April 12, 2004

On This Day - Norfolk & Western History

On this day in 1948, the Norfolk & Western Railway's first Y6b locomotive, #2171, departed the Roanoke Shops for road service.

The 2-8-8-2 Y6b was a monster locomotive, weighing in at about 582,900 pounds; adding the (presumably full of coal and water) tender1 took the figure to 961,500 pounds. With a weight like that, one doesn't casually go hopping from somewhere in Connecticut to Penn Station in the city of New York for the morning commute.

Instead, these locomotives were used for low-to-moderate speed service pushing or pulling long drags of coal cars headed to Norfolk from out of Southwest Virginia and West Virginia, our rogue province. Coal traffic had the advantage of being distinctly non-perishable, so timekeeping wasn't so much of a virtue. More important was the ability to carry a lot of coal at a steady pace, and the design of the Y6b reflected that.

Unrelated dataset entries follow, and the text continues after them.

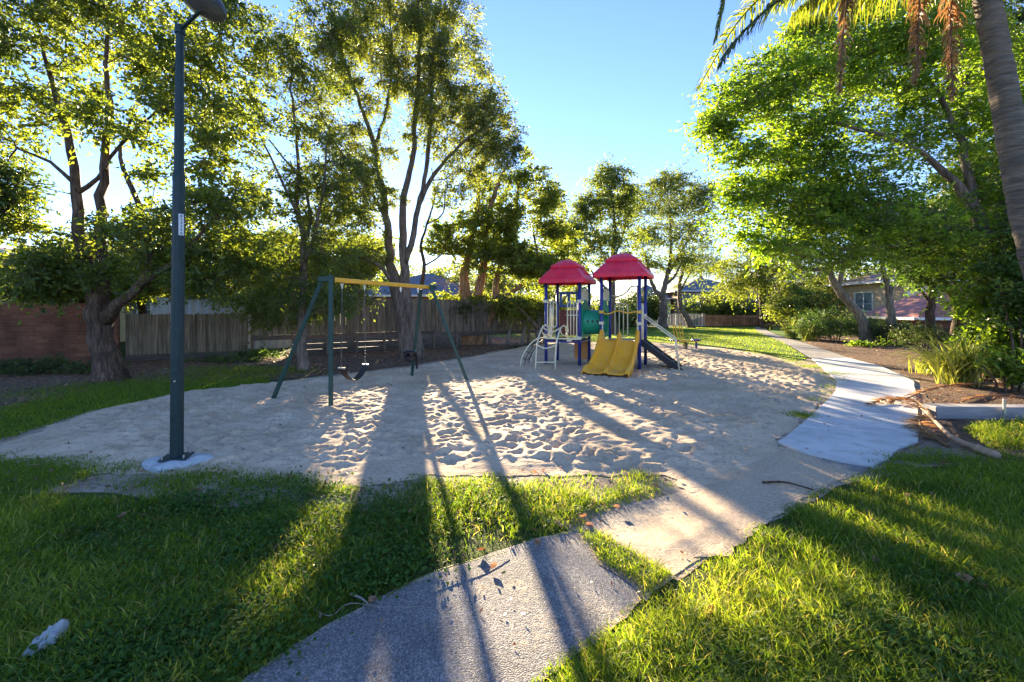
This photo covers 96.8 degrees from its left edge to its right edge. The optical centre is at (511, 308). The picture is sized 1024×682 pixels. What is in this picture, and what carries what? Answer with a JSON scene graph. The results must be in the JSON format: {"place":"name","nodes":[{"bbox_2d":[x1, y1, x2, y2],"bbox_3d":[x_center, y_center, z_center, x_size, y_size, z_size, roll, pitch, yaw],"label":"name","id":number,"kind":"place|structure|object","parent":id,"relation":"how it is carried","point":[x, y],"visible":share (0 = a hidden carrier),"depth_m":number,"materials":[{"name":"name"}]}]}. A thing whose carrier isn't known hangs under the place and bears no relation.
{"place":"outdoors","nodes":[
{"label":"outdoors","id":0,"kind":"place"},
{"bbox_2d":[0,362,340,408],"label":"grass","id":1,"kind":"structure","parent":0,"point":[148,381],"depth_m":9.94,"materials":[{"name":"plant"}]},
{"bbox_2d":[133,287,244,321],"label":"house","id":2,"kind":"structure","parent":0,"point":[164,309],"depth_m":23.00,"materials":[{"name":"grey tile"}]},
{"bbox_2d":[133,299,151,314],"bbox_3d":[-18.950,-0.050,22.980,1.460,1.060,0.080,0,0,0],"label":"window","id":3,"kind":"structure","parent":2,"relation":"in","point":[148,308],"depth_m":22.99,"materials":[{"name":"glass"}]},
{"bbox_2d":[0,334,535,410],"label":"mulch bank","id":4,"kind":"structure","parent":0,"point":[26,381],"depth_m":12.81,"materials":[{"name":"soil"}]},
{"bbox_2d":[0,0,70,245],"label":"spreading tree","id":5,"kind":"object","parent":4,"relation":"on","point":[10,175],"visible":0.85,"depth_m":10.03,"materials":[{"name":"green plant"}]},
{"bbox_2d":[0,352,133,375],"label":"shrub","id":6,"kind":"object","parent":4,"relation":"on","point":[56,365],"visible":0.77,"depth_m":11.37,"materials":[{"name":"green plant"}]},
{"bbox_2d":[0,375,271,439],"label":"grass","id":7,"kind":"structure","parent":4,"relation":"on","point":[43,418],"depth_m":7.72,"materials":[{"name":"plant"}]},
{"bbox_2d":[0,0,291,383],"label":"spreading tree","id":8,"kind":"object","parent":4,"relation":"on","point":[66,273],"visible":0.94,"depth_m":10.09,"materials":[{"name":"green plant"}]},
{"bbox_2d":[125,313,248,361],"bbox_3d":[-10.331,0.956,14.626,3.252,1.589,0.220,0,0,-31],"label":"paling fence","id":9,"kind":"object","parent":4,"relation":"on","point":[155,330],"visible":0.77,"depth_m":14.53,"materials":[{"name":"wood"}]},
{"bbox_2d":[184,344,290,363],"bbox_3d":[-8.643,1.474,14.203,2.950,0.721,1.896,0,0,0],"label":"shrub","id":10,"kind":"object","parent":4,"relation":"on","point":[261,355],"visible":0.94,"depth_m":14.26,"materials":[{"name":"green plant"}]},
{"bbox_2d":[196,0,394,370],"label":"slender tree","id":11,"kind":"object","parent":4,"relation":"on","point":[259,305],"visible":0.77,"depth_m":12.25,"materials":[{"name":"green plant"}]},
{"bbox_2d":[251,297,435,350],"bbox_3d":[-6.065,0.680,17.309,6.756,2.140,0.220,0,0,-33],"label":"paling fence","id":12,"kind":"object","parent":4,"relation":"on","point":[384,320],"visible":0.46,"depth_m":17.43,"materials":[{"name":"wood"}]},
{"bbox_2d":[292,332,460,355],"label":"retaining wall","id":13,"kind":"structure","parent":4,"relation":"on","point":[317,345],"depth_m":17.15,"materials":[{"name":"wood"}]},
{"bbox_2d":[277,0,534,359],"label":"forked tree","id":14,"kind":"object","parent":4,"relation":"on","point":[416,26],"visible":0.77,"depth_m":14.54,"materials":[{"name":"green plant"}]},
{"bbox_2d":[406,168,471,300],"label":"twisted tree","id":15,"kind":"object","parent":4,"relation":"on","point":[422,240],"visible":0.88,"depth_m":19.96,"materials":[{"name":"green plant"}]},
{"bbox_2d":[430,298,478,342],"bbox_3d":[-2.662,0.672,19.839,2.399,2.258,1.497,0,0,0],"label":"dark shrub","id":16,"kind":"object","parent":4,"relation":"on","point":[460,309],"visible":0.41,"depth_m":19.68,"materials":[{"name":"green plant"}]},
{"bbox_2d":[410,145,552,344],"bbox_3d":[-1.459,-2.851,20.985,6.815,9.498,4.435,0,0,0],"label":"paperbark tree","id":17,"kind":"object","parent":4,"relation":"on","point":[485,217],"visible":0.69,"depth_m":20.59,"materials":[{"name":"green leaf"},{"name":"paper bark"}]},
{"bbox_2d":[466,291,511,343],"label":"tree","id":18,"kind":"object","parent":4,"relation":"on","point":[490,341],"visible":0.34,"depth_m":20.66,"materials":[{"name":"green plant"}]},
{"bbox_2d":[435,300,548,344],"bbox_3d":[-0.633,0.690,20.850,6.214,2.119,0.220,0,0,-33],"label":"paling fence","id":19,"kind":"object","parent":4,"relation":"on","point":[478,323],"visible":0.56,"depth_m":20.03,"materials":[{"name":"wood"}]},
{"bbox_2d":[485,289,538,344],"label":"tree","id":20,"kind":"object","parent":4,"relation":"on","point":[508,337],"visible":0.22,"depth_m":20.43,"materials":[{"name":"green plant"}]},
{"bbox_2d":[494,287,542,344],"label":"tree","id":21,"kind":"object","parent":4,"relation":"on","point":[523,335],"visible":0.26,"depth_m":20.24,"materials":[{"name":"green plant"}]},
{"bbox_2d":[349,274,485,332],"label":"house","id":22,"kind":"structure","parent":0,"point":[428,277],"depth_m":31.23,"materials":[{"name":"brick"}]},
{"bbox_2d":[40,358,804,474],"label":"leaf litter","id":23,"kind":"object","parent":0,"point":[462,436],"visible":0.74,"depth_m":5.68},
{"bbox_2d":[0,342,925,580],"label":"sandy soil","id":24,"kind":"structure","parent":0,"point":[600,481],"depth_m":4.20,"materials":[{"name":"sand"}]},
{"bbox_2d":[141,0,226,472],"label":"street lamp","id":25,"kind":"object","parent":24,"relation":"on","point":[213,11],"visible":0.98,"depth_m":4.76,"materials":[{"name":"metal"}]},
{"bbox_2d":[0,444,369,503],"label":"grass","id":26,"kind":"structure","parent":24,"relation":"on","point":[17,473],"depth_m":4.38,"materials":[{"name":"plant"}]},
{"bbox_2d":[0,449,672,681],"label":"grass","id":27,"kind":"structure","parent":24,"relation":"on","point":[18,513],"depth_m":2.92,"materials":[{"name":"plant"}]},
{"bbox_2d":[20,619,68,658],"bbox_3d":[-2.225,1.567,2.163,0.106,0.097,0.171,0,0,0],"label":"crumpled paper","id":28,"kind":"object","parent":27,"relation":"on","point":[55,631],"visible":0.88,"depth_m":2.16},
{"bbox_2d":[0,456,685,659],"bbox_3d":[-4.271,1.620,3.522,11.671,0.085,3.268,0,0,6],"label":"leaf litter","id":29,"kind":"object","parent":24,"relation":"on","point":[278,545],"visible":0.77,"depth_m":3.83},
{"bbox_2d":[0,342,845,556],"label":"sand pit","id":30,"kind":"object","parent":24,"relation":"on","point":[740,425],"visible":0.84,"depth_m":6.27,"materials":[{"name":"sand"}]},
{"bbox_2d":[271,275,467,404],"bbox_3d":[-2.604,0.614,9.026,1.625,2.332,3.676,0,0,35],"label":"swing set","id":31,"kind":"object","parent":30,"relation":"on","point":[330,279],"visible":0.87,"depth_m":7.93,"materials":[{"name":"green paint"}]},
{"bbox_2d":[337,289,368,379],"bbox_3d":[-2.862,0.473,8.213,0.160,1.654,0.602,0,0,27],"label":"belt swing","id":32,"kind":"object","parent":31,"relation":"hanging from","point":[360,374],"visible":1,"depth_m":8.28,"materials":[{"name":"rubber"}]},
{"bbox_2d":[401,293,417,368],"bbox_3d":[-2.153,0.473,9.600,0.339,1.635,0.519,0,0,0],"label":"toddler swing","id":33,"kind":"object","parent":31,"relation":"hanging from","point":[410,355],"visible":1,"depth_m":9.51,"materials":[{"name":"metal"}]},
{"bbox_2d":[520,253,682,377],"bbox_3d":[2.299,0.142,12.021,4.189,3.319,2.958,0,0,25],"label":"play structure","id":34,"kind":"object","parent":30,"relation":"on","point":[615,356],"visible":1,"depth_m":12.37,"materials":[{"name":"blue paint"}]},
{"bbox_2d":[669,323,700,348],"bbox_3d":[6.709,1.118,17.585,1.140,1.064,0.345,0,0,0],"label":"bench","id":35,"kind":"object","parent":30,"relation":"on","point":[683,341],"visible":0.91,"depth_m":17.50,"materials":[{"name":"wood"}]},
{"bbox_2d":[741,350,852,418],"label":"grass","id":36,"kind":"structure","parent":24,"relation":"on","point":[802,414],"depth_m":9.38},
{"bbox_2d":[859,445,1023,473],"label":"grass","id":37,"kind":"structure","parent":24,"relation":"on","point":[951,459],"depth_m":4.89,"materials":[{"name":"plant"}]},
{"bbox_2d":[0,309,1023,681],"bbox_3d":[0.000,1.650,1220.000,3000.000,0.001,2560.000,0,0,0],"label":"ground","id":38,"kind":"structure","parent":0,"point":[500,541],"depth_m":3.16,"materials":[{"name":"plant"}]},
{"bbox_2d":[0,303,119,367],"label":"brick wall","id":39,"kind":"structure","parent":38,"relation":"on","point":[49,332],"depth_m":12.79,"materials":[{"name":"brick"}]},
{"bbox_2d":[0,247,132,341],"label":"house","id":40,"kind":"structure","parent":38,"relation":"on","point":[122,329],"depth_m":22.33,"materials":[{"name":"brick"}]},
{"bbox_2d":[0,228,162,313],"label":"back tree","id":41,"kind":"object","parent":38,"relation":"on","point":[139,297],"visible":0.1,"depth_m":16.12,"materials":[{"name":"green plant"}]},
{"bbox_2d":[109,236,212,348],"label":"back tree","id":42,"kind":"object","parent":38,"relation":"on","point":[143,307],"visible":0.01,"depth_m":18.38,"materials":[{"name":"green plant"}]},
{"bbox_2d":[149,222,310,312],"bbox_3d":[-11.352,-0.797,17.751,7.070,5.217,4.396,0,0,0],"label":"back tree","id":43,"kind":"object","parent":38,"relation":"on","point":[288,270],"visible":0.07,"depth_m":17.44,"materials":[{"name":"green plant"}]},
{"bbox_2d":[170,291,291,350],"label":"garden shed","id":44,"kind":"structure","parent":38,"relation":"on","point":[193,307],"depth_m":17.77,"materials":[{"name":"metal"}]},
{"bbox_2d":[213,219,346,292],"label":"back tree","id":45,"kind":"object","parent":38,"relation":"on","point":[291,236],"visible":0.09,"depth_m":18.72,"materials":[{"name":"green plant"}]},
{"bbox_2d":[0,463,601,681],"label":"clover","id":46,"kind":"object","parent":38,"relation":"on","point":[195,631],"visible":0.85,"depth_m":2.70,"materials":[{"name":"green plant"}]},
{"bbox_2d":[310,231,416,341],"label":"back tree","id":47,"kind":"object","parent":38,"relation":"on","point":[369,270],"visible":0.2,"depth_m":20.85,"materials":[{"name":"green plant"}]},
{"bbox_2d":[377,255,449,280],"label":"distant tree","id":48,"kind":"object","parent":38,"relation":"on","point":[412,268],"visible":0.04,"depth_m":58.20,"materials":[{"name":"green plant"}]},
{"bbox_2d":[419,256,514,302],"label":"distant tree","id":49,"kind":"object","parent":38,"relation":"on","point":[438,272],"visible":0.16,"depth_m":54.49,"materials":[{"name":"green plant"}]},
{"bbox_2d":[475,266,565,299],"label":"distant tree","id":50,"kind":"object","parent":38,"relation":"on","point":[522,288],"visible":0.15,"depth_m":58.46,"materials":[{"name":"green plant"}]},
{"bbox_2d":[477,166,594,343],"bbox_3d":[1.048,-2.283,20.189,5.240,8.226,3.665,0,0,0],"label":"tree","id":51,"kind":"object","parent":38,"relation":"on","point":[546,229],"visible":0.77,"depth_m":20.00,"materials":[{"name":"green leaf"},{"name":"brown bark"}]},
{"bbox_2d":[616,285,675,326],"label":"bushy tree","id":52,"kind":"object","parent":38,"relation":"on","point":[653,307],"visible":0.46,"depth_m":39.26,"materials":[{"name":"green plant"}]},
{"bbox_2d":[648,313,705,326],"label":"metal fence","id":53,"kind":"object","parent":38,"relation":"on","point":[702,314],"visible":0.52,"depth_m":40.49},
{"bbox_2d":[672,245,733,280],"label":"bushy tree","id":54,"kind":"object","parent":38,"relation":"on","point":[709,263],"visible":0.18,"depth_m":59.34,"materials":[{"name":"green plant"}]},
{"bbox_2d":[673,289,759,323],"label":"bushy tree","id":55,"kind":"object","parent":38,"relation":"on","point":[713,308],"visible":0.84,"depth_m":43.31,"materials":[{"name":"green plant"}]},
{"bbox_2d":[699,315,785,325],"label":"wooden fence","id":56,"kind":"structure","parent":38,"relation":"on","point":[719,320],"depth_m":42.19,"materials":[{"name":"wood"}]},
{"bbox_2d":[701,228,817,328],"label":"golden tree","id":57,"kind":"object","parent":38,"relation":"on","point":[752,279],"visible":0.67,"depth_m":36.51,"materials":[{"name":"green plant"}]},
{"bbox_2d":[770,316,798,337],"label":"strappy plant","id":58,"kind":"object","parent":38,"relation":"on","point":[791,324],"visible":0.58,"depth_m":25.16,"materials":[{"name":"green plant"}]},
{"bbox_2d":[785,260,886,307],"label":"bushy tree","id":59,"kind":"object","parent":38,"relation":"on","point":[817,280],"visible":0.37,"depth_m":35.16,"materials":[{"name":"green plant"}]},
{"bbox_2d":[820,267,974,330],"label":"house","id":60,"kind":"structure","parent":38,"relation":"on","point":[863,295],"depth_m":31.26,"materials":[{"name":"paint"}]},
{"bbox_2d":[854,292,872,311],"bbox_3d":[24.580,-0.450,31.750,0.080,1.360,1.660,0,0,0],"label":"window","id":61,"kind":"structure","parent":60,"relation":"in","point":[864,300],"depth_m":31.69,"materials":[{"name":"glass"}]},
{"bbox_2d":[0,0,1023,303],"label":"sky","id":62,"kind":"structure","parent":0,"point":[590,79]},
{"bbox_2d":[240,447,883,681],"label":"asphalt path","id":63,"kind":"structure","parent":0,"point":[460,638],"depth_m":2.56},
{"bbox_2d":[314,603,433,615],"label":"twig","id":64,"kind":"object","parent":63,"relation":"on","point":[370,605],"visible":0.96,"depth_m":2.47,"materials":[{"name":"wood"}]},
{"bbox_2d":[387,551,507,596],"bbox_3d":[-0.381,1.619,2.817,0.828,0.022,0.052,0,0,-35],"label":"twig","id":65,"kind":"object","parent":63,"relation":"on","point":[438,570],"visible":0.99,"depth_m":2.78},
{"bbox_2d":[278,456,850,678],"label":"leaf litter","id":66,"kind":"object","parent":63,"relation":"on","point":[481,609],"visible":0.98,"depth_m":2.62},
{"bbox_2d":[577,533,674,601],"bbox_3d":[0.707,1.639,2.974,0.330,0.001,0.813,0,0,-28],"label":"soil strip","id":67,"kind":"object","parent":63,"relation":"on","point":[614,570],"visible":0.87,"depth_m":2.87,"materials":[{"name":"plant"}]},
{"bbox_2d":[576,524,675,600],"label":"grass","id":68,"kind":"structure","parent":67,"relation":"on","point":[653,574],"depth_m":2.90,"materials":[{"name":"plant"}]},
{"bbox_2d":[762,481,812,489],"bbox_3d":[2.523,1.617,4.169,0.401,0.030,0.082,0,0,26],"label":"stick","id":69,"kind":"object","parent":63,"relation":"on","point":[767,482],"visible":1,"depth_m":4.20,"materials":[{"name":"wood"}]},
{"bbox_2d":[616,284,674,322],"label":"house","id":70,"kind":"structure","parent":0,"point":[667,297],"depth_m":51.84,"materials":[{"name":"grey tile"}]},
{"bbox_2d":[487,327,806,360],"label":"lawn","id":71,"kind":"structure","parent":0,"point":[793,354],"depth_m":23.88,"materials":[{"name":"green plant"}]},
{"bbox_2d":[534,150,652,333],"bbox_3d":[4.918,-4.082,29.009,7.350,11.786,5.148,0,0,-27],"label":"tall tree","id":72,"kind":"object","parent":71,"relation":"on","point":[599,200],"visible":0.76,"depth_m":28.49,"materials":[{"name":"green plant"}]},
{"bbox_2d":[554,296,636,329],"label":"bushy tree","id":73,"kind":"object","parent":71,"relation":"on","point":[630,317],"visible":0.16,"depth_m":34.93,"materials":[{"name":"green plant"}]},
{"bbox_2d":[615,159,727,328],"bbox_3d":[12.694,-5.167,37.045,10.060,14.016,6.267,0,0,0],"label":"rounded tree","id":74,"kind":"object","parent":71,"relation":"on","point":[696,196],"visible":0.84,"depth_m":36.56,"materials":[{"name":"green plant"}]},
{"bbox_2d":[654,240,713,327],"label":"leaning tree","id":75,"kind":"object","parent":71,"relation":"on","point":[684,313],"visible":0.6,"depth_m":37.87,"materials":[{"name":"green plant"}]},
{"bbox_2d":[666,278,734,322],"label":"house","id":76,"kind":"structure","parent":0,"point":[687,290],"depth_m":50.44,"materials":[{"name":"brick"}]},
{"bbox_2d":[682,293,699,306],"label":"window","id":77,"kind":"structure","parent":76,"relation":"in","point":[687,296],"depth_m":49.99,"materials":[{"name":"glass"}]},
{"bbox_2d":[529,459,1023,681],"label":"grass","id":78,"kind":"structure","parent":0,"point":[982,525],"depth_m":2.52,"materials":[{"name":"plant"}]},
{"bbox_2d":[618,520,1023,681],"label":"clover","id":79,"kind":"object","parent":78,"relation":"on","point":[892,632],"visible":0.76,"depth_m":2.21,"materials":[{"name":"green plant"}]},
{"bbox_2d":[956,572,972,581],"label":"dry leaf","id":80,"kind":"object","parent":78,"relation":"on","point":[970,578],"visible":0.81,"depth_m":2.68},
{"bbox_2d":[728,269,825,314],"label":"tree","id":81,"kind":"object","parent":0,"point":[769,292],"depth_m":46.26,"materials":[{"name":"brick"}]},
{"bbox_2d":[755,327,848,358],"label":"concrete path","id":82,"kind":"structure","parent":0,"point":[810,351],"depth_m":18.49,"materials":[{"name":"concrete"}]},
{"bbox_2d":[768,327,850,338],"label":"lawn beyond path","id":83,"kind":"structure","parent":0,"point":[775,330],"depth_m":30.76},
{"bbox_2d":[752,278,849,329],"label":"bushy tree","id":84,"kind":"object","parent":83,"relation":"on","point":[794,303],"visible":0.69,"depth_m":33.16,"materials":[{"name":"green plant"}]},
{"bbox_2d":[777,358,918,467],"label":"concrete path","id":85,"kind":"structure","parent":0,"point":[848,435],"depth_m":6.56,"materials":[{"name":"concrete"}]},
{"bbox_2d":[885,382,1003,401],"bbox_3d":[8.431,1.544,8.792,4.300,0.146,0.556,0,0,-27],"label":"fallen frond","id":86,"kind":"object","parent":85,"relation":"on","point":[943,386],"visible":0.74,"depth_m":8.68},
{"bbox_2d":[803,335,1023,468],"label":"garden bed","id":87,"kind":"object","parent":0,"point":[925,380],"visible":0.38,"depth_m":9.67,"materials":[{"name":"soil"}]},
{"bbox_2d":[787,322,828,340],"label":"strappy plant","id":88,"kind":"object","parent":87,"relation":"on","point":[806,336],"visible":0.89,"depth_m":22.99,"materials":[{"name":"green plant"}]},
{"bbox_2d":[759,196,891,342],"bbox_3d":[15.049,-2.357,21.581,7.992,8.362,3.800,0,0,-8],"label":"pale leaning tree","id":89,"kind":"object","parent":87,"relation":"on","point":[853,307],"visible":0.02,"depth_m":21.34,"materials":[{"name":"green plant"}]},
{"bbox_2d":[786,299,885,340],"bbox_3d":[16.538,0.678,22.935,4.601,2.254,3.251,0,0,27],"label":"shrub","id":90,"kind":"object","parent":87,"relation":"on","point":[826,326],"visible":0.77,"depth_m":22.80,"materials":[{"name":"green plant"}]},
{"bbox_2d":[668,0,1023,379],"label":"broad canopy tree","id":91,"kind":"object","parent":87,"relation":"on","point":[819,201],"visible":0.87,"depth_m":10.87,"materials":[{"name":"green plant"}]},
{"bbox_2d":[692,0,1023,279],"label":"palm tree","id":92,"kind":"object","parent":87,"relation":"on","point":[992,24],"visible":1,"depth_m":4.87,"materials":[{"name":"green plant"}]},
{"bbox_2d":[844,336,906,346],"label":"shrub","id":93,"kind":"object","parent":87,"relation":"on","point":[863,344],"visible":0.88,"depth_m":19.43,"materials":[{"name":"green plant"}]},
{"bbox_2d":[836,185,932,329],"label":"slim tree","id":94,"kind":"object","parent":87,"relation":"on","point":[890,307],"visible":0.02,"depth_m":20.90,"materials":[{"name":"green plant"}]},
{"bbox_2d":[848,317,946,344],"bbox_3d":[17.878,1.082,20.879,3.184,1.560,2.706,0,0,0],"label":"shrub","id":95,"kind":"object","parent":87,"relation":"on","point":[877,332],"visible":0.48,"depth_m":20.79,"materials":[{"name":"green plant"}]},
{"bbox_2d":[884,320,949,351],"bbox_3d":[15.382,1.115,16.899,2.456,1.380,2.142,0,0,35],"label":"shrub","id":96,"kind":"object","parent":87,"relation":"on","point":[936,335],"visible":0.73,"depth_m":16.87,"materials":[{"name":"green plant"}]},
{"bbox_2d":[864,288,975,338],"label":"house","id":97,"kind":"structure","parent":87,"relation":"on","point":[906,308],"depth_m":23.56,"materials":[{"name":"red brick"}]},
{"bbox_2d":[868,181,971,330],"bbox_3d":[16.097,-2.221,17.973,4.389,6.264,3.708,0,0,0],"label":"slim tree","id":98,"kind":"object","parent":87,"relation":"on","point":[930,313],"visible":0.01,"depth_m":17.94,"materials":[{"name":"green plant"}]},
{"bbox_2d":[865,212,981,343],"bbox_3d":[14.596,-1.199,15.652,4.119,4.859,3.846,0,0,0],"label":"slim tree","id":99,"kind":"object","parent":87,"relation":"on","point":[920,280],"visible":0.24,"depth_m":15.39,"materials":[{"name":"green plant"}]},
{"bbox_2d":[901,348,947,374],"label":"strappy plant","id":100,"kind":"object","parent":87,"relation":"on","point":[924,368],"visible":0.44,"depth_m":11.34,"materials":[{"name":"green plant"}]},
{"bbox_2d":[885,0,1023,314],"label":"dense tree","id":101,"kind":"object","parent":87,"relation":"on","point":[1020,18],"visible":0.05,"depth_m":13.58,"materials":[{"name":"green plant"}]},
{"bbox_2d":[887,326,1022,386],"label":"strappy plant","id":102,"kind":"object","parent":87,"relation":"on","point":[954,362],"visible":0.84,"depth_m":9.64,"materials":[{"name":"green plant"}]},
{"bbox_2d":[923,399,1023,420],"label":"timber sleeper","id":103,"kind":"object","parent":87,"relation":"on","point":[973,411],"visible":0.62,"depth_m":6.69,"materials":[{"name":"wood"}]},
{"bbox_2d":[942,287,1023,378],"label":"shrub","id":104,"kind":"object","parent":87,"relation":"on","point":[1002,338],"visible":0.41,"depth_m":10.29,"materials":[{"name":"green plant"}]},
{"bbox_2d":[953,393,1023,403],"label":"fallen frond","id":105,"kind":"object","parent":87,"relation":"on","point":[976,396],"visible":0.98,"depth_m":7.92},
{"bbox_2d":[957,205,1023,356],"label":"shrub","id":106,"kind":"object","parent":87,"relation":"on","point":[1008,262],"visible":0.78,"depth_m":9.62,"materials":[{"name":"green plant"}]},
{"bbox_2d":[971,342,1023,391],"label":"shrub","id":107,"kind":"object","parent":87,"relation":"on","point":[1011,374],"visible":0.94,"depth_m":8.89,"materials":[{"name":"green plant"}]},
{"bbox_2d":[885,395,990,467],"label":"bare dirt","id":108,"kind":"structure","parent":0,"point":[928,441],"depth_m":5.27,"materials":[{"name":"soil"}]},
{"bbox_2d":[900,414,950,447],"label":"fallen frond","id":109,"kind":"object","parent":108,"relation":"on","point":[920,427],"visible":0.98,"depth_m":6.02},
{"bbox_2d":[863,396,1001,459],"bbox_3d":[5.797,1.559,6.578,1.000,0.194,3.392,0,0,33],"label":"fallen frond","id":110,"kind":"object","parent":108,"relation":"on","point":[972,446],"visible":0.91,"depth_m":6.10,"materials":[{"name":"plant"}]},
{"bbox_2d":[962,413,1023,450],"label":"grass","id":111,"kind":"structure","parent":0,"point":[1011,438],"depth_m":5.74,"materials":[{"name":"plant"}]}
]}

The Y6b can easily be mentioned in the same breath as the Allegheny 2-6-6-6 type used by the Chesapeake & Ohio Railway and the Virginian Railway, and the Big Boy 4-8-8-4 used by the Union Pacific Railroad. All three types constitute essentially the giants of American steam motive power, huge coal-fired monsters that shook rails and the ground around them every time they passed.

Y6a #2156 survives today at the National Museum of Transportation in St. Louis, Missouri, but no other Y series survived the scrapper's torch. Kim Thurlow suggests that the last surviving Y6b locomotives met the torch in a Roanoke, Virginia scrapyard in 1976. Wouldn't surprise me.

1 My source indicates that the standard Y6b tender carried 22,000 gallons of water, along with thirty tons of coal.